There are still some deficiencies and many opportunities for future study. First, the mobile video is shot along the city streets. Considering that the front view plays a leading role in commuting, this study only selects the front view of the car and does not take a left or right view into account. However, the areas beside the road, such as parks and communities, also have a certain impact on people’s cognition (Abkar et al., 2010; Oetzel et al., 2011). The purpose of this study is to analyze the applicability of the two models. Forward-looking images can effectively explain the rationality of the results of urban perception. Therefore, in future studies, we will consider adding two side views and more street views on different blocks; expanding our study to actual application scenarios will also be considered.

Second, urban perception is related not only to street-view but also to other factors in the city, such as season, temperature, humidity and noise (Gunnarsson et al., 2017; Hong & Jeon, 2015). Therefore, in future work, more evaluation objectives will be considered in the study of urban perception, and an end-to-end perception model will be adopted to obtain higher accuracy and stronger interpretability.

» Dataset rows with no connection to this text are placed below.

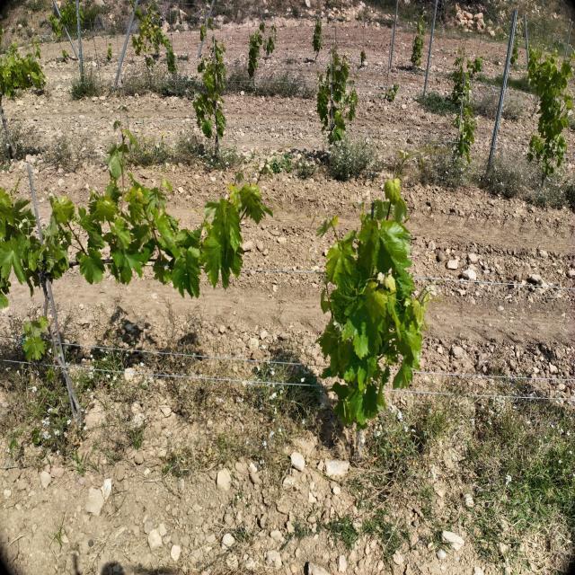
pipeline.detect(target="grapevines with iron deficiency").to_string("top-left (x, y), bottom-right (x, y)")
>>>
top-left (0, 116), bottom-right (278, 425)
top-left (313, 165), bottom-right (434, 460)
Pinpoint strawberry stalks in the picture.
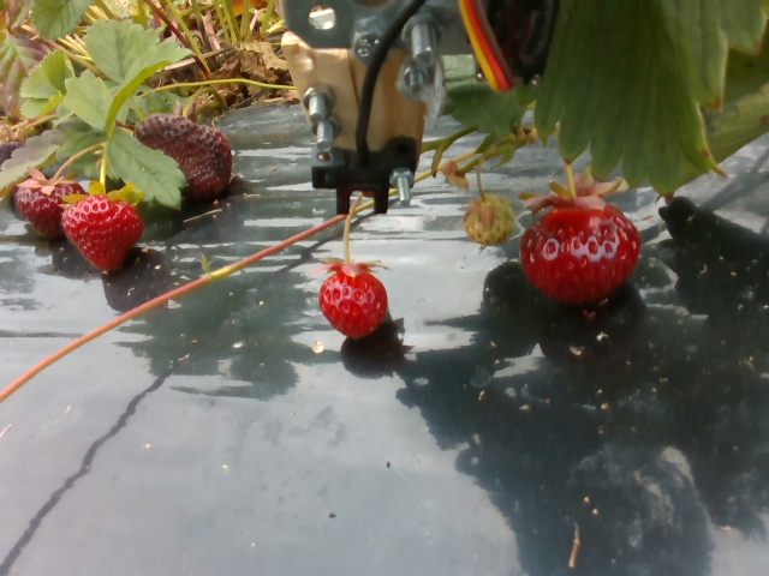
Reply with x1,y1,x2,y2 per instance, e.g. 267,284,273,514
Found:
42,137,115,187
475,155,494,210
340,190,362,287
88,107,129,207
551,154,592,216
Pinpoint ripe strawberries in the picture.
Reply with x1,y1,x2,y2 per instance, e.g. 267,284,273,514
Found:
321,264,387,338
66,192,146,271
527,198,637,302
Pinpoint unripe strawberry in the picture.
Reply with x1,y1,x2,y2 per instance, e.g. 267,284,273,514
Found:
469,202,508,237

The third is what we need to do in the future. At present, there is no Chinese urban perception data set (official). Therefore, when comparing different methods, we can only compare and analyze the existing small-scale urban data. In the future, we will collect street view images of other regions (urban, suburban, rural) based on the collection method proposed in this study and construct Chinese perception data set to increase the persuasiveness.

6 Conclusion

In view of the consistency and interpretability of the prediction results of the two different urban perception models, this study extracts the street view images in the study area through mobile video, constructs a CNN-based model and FCN + RF-based model by using the China urban perception dataset, and compares the results of the different models on two urban road networks in Wuhan, China. In this study, the prediction accuracy is ideal (the Pearson R of the CNN-based model is 12% higher than that of the FCN + RF-based model, and the RMSE of the CNN-based model is 2.6% lower than that of the FCN + RF-based model). This shows that the proposed CNN-based model is effective for urban perception assessment. The two models both have reached the ideal accuracy. By using POI data and OSM data for auxiliary analysis, we find that there is a strong nonlinear correlation between urban function and urban perception. The CNN-based model has more advantages in predicting the urban perception by extracting the high-dimensional features and has a higher degree of correlation with the urban function. The scene suitability of the two models is different. The CNN-based model is suitable for scenes with weak spatial heterogeneity, and the FCN + RF-based model is suitable for scenes with strong spatial heterogeneity. This study can accurately and quickly identify the exposed perception of residents and will promote urban planners to integrate the concept of urban perception into the planning practice. The results will provide decision support for government managers in urban planning to achieve a more sustainable and human-oriented urban development.